What is required:
Please filter the data below down to the lines holding the string "part".

__________________________________________________

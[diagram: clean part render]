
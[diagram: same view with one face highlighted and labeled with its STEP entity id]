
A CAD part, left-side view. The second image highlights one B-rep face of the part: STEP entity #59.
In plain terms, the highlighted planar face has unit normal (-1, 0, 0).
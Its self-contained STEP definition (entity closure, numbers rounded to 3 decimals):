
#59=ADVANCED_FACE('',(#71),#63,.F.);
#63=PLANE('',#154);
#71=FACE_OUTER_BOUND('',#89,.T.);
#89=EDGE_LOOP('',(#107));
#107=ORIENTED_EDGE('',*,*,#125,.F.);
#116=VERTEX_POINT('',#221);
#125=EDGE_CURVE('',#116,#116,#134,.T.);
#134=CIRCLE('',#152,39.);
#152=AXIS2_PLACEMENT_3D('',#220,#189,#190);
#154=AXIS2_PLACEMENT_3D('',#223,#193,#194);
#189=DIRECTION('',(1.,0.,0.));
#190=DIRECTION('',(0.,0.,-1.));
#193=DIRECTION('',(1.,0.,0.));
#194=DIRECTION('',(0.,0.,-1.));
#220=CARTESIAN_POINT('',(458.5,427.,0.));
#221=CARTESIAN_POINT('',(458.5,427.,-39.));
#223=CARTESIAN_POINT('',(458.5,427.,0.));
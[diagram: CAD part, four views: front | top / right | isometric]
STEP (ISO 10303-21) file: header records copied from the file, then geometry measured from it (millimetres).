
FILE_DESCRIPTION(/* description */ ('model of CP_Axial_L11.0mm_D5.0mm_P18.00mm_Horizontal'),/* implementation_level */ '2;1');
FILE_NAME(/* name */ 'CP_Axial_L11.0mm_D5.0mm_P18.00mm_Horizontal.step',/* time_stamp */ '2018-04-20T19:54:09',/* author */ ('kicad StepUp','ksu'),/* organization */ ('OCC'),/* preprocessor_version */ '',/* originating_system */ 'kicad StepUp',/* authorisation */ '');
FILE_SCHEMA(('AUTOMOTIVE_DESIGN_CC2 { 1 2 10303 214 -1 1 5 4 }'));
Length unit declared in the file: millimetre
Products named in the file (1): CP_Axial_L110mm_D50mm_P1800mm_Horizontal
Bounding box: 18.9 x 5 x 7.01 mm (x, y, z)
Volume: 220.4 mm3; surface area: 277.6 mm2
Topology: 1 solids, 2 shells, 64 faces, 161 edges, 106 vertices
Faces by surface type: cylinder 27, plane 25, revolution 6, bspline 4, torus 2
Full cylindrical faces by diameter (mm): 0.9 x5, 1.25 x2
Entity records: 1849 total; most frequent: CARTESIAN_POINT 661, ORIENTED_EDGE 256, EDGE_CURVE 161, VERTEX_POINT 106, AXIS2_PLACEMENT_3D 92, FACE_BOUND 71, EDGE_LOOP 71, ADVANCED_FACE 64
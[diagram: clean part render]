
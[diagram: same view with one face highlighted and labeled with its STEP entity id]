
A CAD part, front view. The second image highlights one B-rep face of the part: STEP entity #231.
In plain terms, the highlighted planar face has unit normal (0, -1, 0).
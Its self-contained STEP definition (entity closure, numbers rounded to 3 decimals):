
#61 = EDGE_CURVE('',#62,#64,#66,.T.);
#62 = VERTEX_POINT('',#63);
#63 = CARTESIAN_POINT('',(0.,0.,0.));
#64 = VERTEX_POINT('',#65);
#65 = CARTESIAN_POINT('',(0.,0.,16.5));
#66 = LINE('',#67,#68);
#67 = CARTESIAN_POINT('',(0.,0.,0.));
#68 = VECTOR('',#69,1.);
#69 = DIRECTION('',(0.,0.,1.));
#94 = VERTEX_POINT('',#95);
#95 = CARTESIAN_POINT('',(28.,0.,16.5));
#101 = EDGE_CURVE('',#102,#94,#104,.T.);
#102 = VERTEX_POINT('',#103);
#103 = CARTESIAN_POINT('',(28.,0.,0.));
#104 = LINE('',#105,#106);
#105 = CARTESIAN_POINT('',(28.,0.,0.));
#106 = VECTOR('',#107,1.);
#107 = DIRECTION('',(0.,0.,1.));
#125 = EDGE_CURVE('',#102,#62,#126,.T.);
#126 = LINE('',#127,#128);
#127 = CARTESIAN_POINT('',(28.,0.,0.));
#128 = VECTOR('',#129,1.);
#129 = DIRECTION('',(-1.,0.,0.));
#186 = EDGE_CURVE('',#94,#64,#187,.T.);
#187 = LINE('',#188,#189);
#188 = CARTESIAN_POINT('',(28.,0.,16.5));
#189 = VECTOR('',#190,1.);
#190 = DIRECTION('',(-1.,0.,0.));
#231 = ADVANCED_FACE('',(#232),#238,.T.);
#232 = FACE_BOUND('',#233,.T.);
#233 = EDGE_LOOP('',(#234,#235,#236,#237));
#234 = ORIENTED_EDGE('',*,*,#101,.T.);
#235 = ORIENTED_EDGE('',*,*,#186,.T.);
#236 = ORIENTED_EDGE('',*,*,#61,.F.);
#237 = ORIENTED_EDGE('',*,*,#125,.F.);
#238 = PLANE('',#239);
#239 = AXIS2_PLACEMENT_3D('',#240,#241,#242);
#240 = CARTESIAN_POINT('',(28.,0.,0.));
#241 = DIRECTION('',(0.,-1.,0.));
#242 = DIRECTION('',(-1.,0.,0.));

__________________________________________________

Answer to the problem:
[diagram: clean part render]
A CAD part, left-side view. The second image highlights one B-rep face of the part: STEP entity #59.
[diagram: CAD part, four views: front | top / right | isometric]
[diagram: clean part render]
A CAD part, front view. The second image highlights one B-rep face of the part: STEP entity #231.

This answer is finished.